> _Excerpted data_:
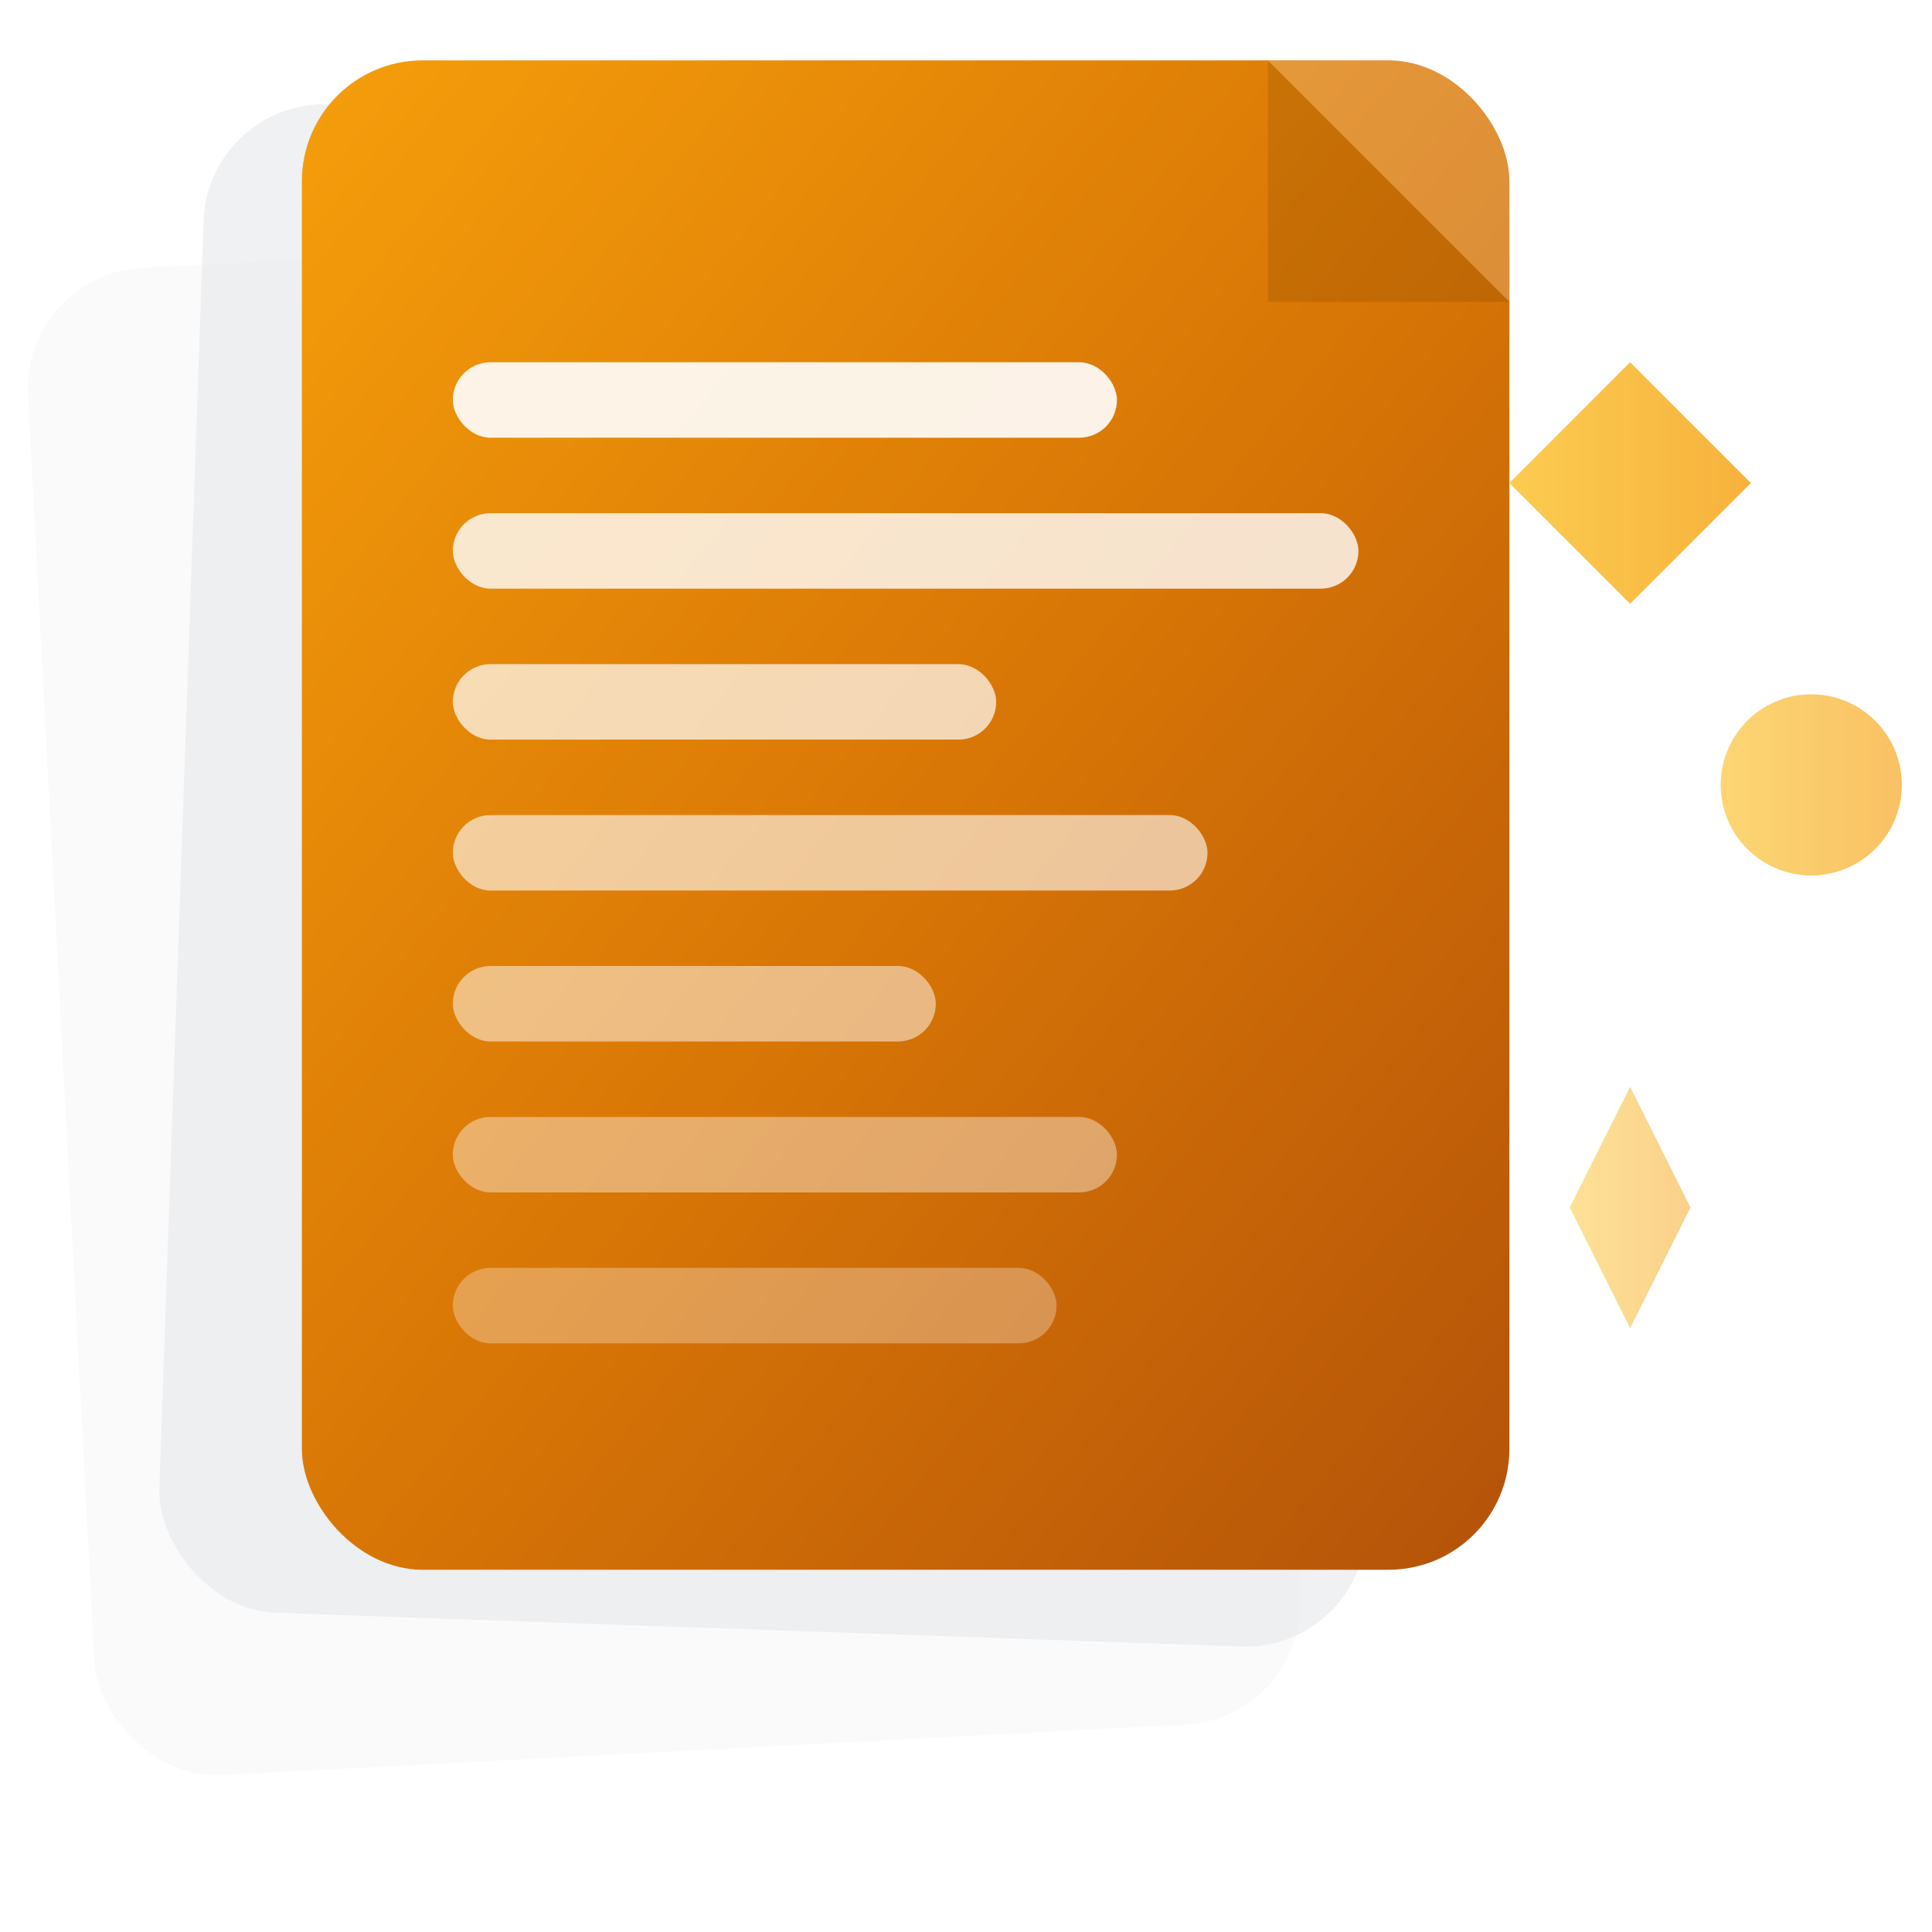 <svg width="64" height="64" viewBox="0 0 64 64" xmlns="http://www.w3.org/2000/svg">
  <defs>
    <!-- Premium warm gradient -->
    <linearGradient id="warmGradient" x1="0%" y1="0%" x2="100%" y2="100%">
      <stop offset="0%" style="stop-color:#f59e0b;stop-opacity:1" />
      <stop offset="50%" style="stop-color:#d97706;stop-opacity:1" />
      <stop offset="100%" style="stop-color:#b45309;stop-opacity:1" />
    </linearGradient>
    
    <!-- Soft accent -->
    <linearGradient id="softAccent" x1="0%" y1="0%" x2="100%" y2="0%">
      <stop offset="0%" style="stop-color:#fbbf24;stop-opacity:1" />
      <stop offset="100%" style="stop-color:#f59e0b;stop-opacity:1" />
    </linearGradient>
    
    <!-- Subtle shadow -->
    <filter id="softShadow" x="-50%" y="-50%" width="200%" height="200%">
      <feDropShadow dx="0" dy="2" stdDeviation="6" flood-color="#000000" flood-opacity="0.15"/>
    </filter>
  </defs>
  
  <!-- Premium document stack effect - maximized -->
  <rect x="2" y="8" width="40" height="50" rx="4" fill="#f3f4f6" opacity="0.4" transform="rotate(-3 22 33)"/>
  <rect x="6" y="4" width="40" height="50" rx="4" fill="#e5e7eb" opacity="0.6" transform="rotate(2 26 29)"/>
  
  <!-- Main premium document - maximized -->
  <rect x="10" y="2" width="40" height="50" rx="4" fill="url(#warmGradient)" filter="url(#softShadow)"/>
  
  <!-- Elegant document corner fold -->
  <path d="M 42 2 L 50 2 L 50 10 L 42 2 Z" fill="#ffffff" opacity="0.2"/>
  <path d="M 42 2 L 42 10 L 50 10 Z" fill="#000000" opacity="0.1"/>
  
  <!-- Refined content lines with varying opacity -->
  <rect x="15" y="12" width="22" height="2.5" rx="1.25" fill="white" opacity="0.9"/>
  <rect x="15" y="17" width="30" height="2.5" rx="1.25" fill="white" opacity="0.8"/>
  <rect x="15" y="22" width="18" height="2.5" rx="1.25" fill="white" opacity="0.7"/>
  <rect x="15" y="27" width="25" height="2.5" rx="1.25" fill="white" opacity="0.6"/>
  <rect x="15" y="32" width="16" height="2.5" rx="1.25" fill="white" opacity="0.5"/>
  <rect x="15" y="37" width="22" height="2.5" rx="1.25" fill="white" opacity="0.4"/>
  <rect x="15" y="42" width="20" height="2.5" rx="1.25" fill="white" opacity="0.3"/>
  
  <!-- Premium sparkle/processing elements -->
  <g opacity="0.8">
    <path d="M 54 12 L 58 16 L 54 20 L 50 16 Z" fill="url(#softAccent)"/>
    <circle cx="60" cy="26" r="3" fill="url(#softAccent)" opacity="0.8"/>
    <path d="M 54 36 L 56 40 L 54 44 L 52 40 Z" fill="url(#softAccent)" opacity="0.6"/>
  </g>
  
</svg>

> _Work order_: For each line in the material above that contains the string "softShadow", make a copy.

> _Task output_:
    <filter id="softShadow" x="-50%" y="-50%" width="200%" height="200%">
  <rect x="10" y="2" width="40" height="50" rx="4" fill="url(#warmGradient)" filter="url(#softShadow)"/>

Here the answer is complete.